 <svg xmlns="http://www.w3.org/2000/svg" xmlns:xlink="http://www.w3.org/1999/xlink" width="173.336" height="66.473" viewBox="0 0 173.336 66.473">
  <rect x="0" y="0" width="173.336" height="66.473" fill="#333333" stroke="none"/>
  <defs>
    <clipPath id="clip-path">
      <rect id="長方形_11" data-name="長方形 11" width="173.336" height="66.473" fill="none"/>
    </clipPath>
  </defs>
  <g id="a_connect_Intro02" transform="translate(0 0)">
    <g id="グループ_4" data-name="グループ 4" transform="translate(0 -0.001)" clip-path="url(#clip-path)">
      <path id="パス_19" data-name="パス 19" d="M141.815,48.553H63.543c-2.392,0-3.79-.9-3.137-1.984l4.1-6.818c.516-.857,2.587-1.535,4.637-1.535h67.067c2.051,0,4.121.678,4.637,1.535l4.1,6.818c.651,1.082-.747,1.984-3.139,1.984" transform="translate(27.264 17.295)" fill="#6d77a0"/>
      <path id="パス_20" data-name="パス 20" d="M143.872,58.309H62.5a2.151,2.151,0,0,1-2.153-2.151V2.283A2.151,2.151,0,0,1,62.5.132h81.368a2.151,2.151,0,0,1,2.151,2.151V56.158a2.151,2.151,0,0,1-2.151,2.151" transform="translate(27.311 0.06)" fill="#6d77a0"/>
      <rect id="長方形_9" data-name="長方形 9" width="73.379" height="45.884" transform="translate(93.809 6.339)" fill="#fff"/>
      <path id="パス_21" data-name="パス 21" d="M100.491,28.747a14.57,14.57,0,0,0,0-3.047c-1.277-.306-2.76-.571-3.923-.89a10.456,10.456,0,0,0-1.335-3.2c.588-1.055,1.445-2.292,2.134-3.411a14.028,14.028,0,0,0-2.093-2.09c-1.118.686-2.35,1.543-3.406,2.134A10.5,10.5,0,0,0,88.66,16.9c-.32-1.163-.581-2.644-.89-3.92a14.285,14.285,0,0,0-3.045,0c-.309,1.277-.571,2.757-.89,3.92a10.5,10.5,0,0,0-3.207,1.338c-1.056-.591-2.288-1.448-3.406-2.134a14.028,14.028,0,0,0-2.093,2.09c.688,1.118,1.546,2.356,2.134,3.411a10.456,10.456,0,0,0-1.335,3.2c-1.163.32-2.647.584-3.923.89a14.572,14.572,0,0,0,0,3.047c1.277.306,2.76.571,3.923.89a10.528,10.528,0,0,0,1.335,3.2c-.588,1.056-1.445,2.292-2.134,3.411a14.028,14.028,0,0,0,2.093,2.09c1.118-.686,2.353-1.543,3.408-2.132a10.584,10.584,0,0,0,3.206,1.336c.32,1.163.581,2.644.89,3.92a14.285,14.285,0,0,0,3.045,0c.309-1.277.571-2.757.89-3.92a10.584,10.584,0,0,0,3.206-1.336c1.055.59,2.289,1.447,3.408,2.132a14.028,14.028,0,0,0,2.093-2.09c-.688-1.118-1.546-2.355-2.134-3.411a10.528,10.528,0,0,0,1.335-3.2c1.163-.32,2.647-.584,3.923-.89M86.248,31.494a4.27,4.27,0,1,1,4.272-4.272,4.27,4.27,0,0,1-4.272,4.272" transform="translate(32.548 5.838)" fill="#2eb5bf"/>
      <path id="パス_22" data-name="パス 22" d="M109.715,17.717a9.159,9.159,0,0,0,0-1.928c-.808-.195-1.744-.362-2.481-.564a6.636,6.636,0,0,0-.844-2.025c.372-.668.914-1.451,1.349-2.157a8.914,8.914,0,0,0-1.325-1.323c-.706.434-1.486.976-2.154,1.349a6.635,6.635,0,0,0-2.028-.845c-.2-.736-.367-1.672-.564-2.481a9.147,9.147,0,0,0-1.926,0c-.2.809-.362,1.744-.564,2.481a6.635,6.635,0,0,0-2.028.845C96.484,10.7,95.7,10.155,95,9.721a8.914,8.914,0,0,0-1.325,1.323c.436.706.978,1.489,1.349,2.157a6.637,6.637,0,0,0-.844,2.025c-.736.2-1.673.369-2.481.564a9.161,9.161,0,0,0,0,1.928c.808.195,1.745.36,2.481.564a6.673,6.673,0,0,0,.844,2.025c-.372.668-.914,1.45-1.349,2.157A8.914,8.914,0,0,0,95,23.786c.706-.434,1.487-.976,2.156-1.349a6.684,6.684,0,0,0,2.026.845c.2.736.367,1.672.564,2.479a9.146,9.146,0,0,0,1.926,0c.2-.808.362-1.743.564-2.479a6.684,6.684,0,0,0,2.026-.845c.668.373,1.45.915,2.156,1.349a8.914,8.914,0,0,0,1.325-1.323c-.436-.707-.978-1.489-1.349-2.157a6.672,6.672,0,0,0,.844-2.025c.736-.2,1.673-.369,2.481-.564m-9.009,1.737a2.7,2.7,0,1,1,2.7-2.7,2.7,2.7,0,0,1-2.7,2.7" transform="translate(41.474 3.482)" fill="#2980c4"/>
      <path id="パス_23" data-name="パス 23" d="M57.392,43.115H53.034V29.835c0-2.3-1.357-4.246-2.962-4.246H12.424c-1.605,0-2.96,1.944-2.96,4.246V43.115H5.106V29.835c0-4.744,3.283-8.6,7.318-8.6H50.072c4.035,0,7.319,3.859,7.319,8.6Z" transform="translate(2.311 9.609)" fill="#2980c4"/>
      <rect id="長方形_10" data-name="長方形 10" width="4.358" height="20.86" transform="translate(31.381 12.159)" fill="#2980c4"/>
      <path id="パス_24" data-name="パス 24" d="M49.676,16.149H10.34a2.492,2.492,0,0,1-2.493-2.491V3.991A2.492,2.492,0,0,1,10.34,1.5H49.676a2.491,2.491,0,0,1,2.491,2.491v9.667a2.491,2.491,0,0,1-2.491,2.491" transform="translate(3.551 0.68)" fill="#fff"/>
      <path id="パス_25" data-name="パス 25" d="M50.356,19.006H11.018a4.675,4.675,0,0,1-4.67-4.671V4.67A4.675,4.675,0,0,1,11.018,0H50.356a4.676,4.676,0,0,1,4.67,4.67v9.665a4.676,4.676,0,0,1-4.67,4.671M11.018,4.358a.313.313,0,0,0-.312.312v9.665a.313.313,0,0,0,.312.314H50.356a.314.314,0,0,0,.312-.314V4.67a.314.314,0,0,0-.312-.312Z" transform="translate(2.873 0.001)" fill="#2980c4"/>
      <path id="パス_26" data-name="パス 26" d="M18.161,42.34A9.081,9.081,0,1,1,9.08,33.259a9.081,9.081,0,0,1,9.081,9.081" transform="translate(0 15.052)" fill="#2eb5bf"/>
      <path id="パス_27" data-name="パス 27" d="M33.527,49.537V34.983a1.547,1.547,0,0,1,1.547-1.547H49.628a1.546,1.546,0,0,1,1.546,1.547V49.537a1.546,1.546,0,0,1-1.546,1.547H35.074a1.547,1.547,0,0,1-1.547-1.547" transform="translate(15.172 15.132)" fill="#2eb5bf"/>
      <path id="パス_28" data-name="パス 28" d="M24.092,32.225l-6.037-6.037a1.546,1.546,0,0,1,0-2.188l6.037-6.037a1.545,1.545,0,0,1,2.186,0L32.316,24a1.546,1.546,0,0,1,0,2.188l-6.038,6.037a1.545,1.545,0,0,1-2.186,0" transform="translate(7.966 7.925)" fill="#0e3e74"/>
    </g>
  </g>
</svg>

☆ ☆ ☆ ☆

Exercise details:
Copy every line of the data above in which the string "none" appears.

Exercise output:
  <rect x="0" y="0" width="173.336" height="66.473" fill="#333333" stroke="none"/>
      <rect id="長方形_11" data-name="長方形 11" width="173.336" height="66.473" fill="none"/>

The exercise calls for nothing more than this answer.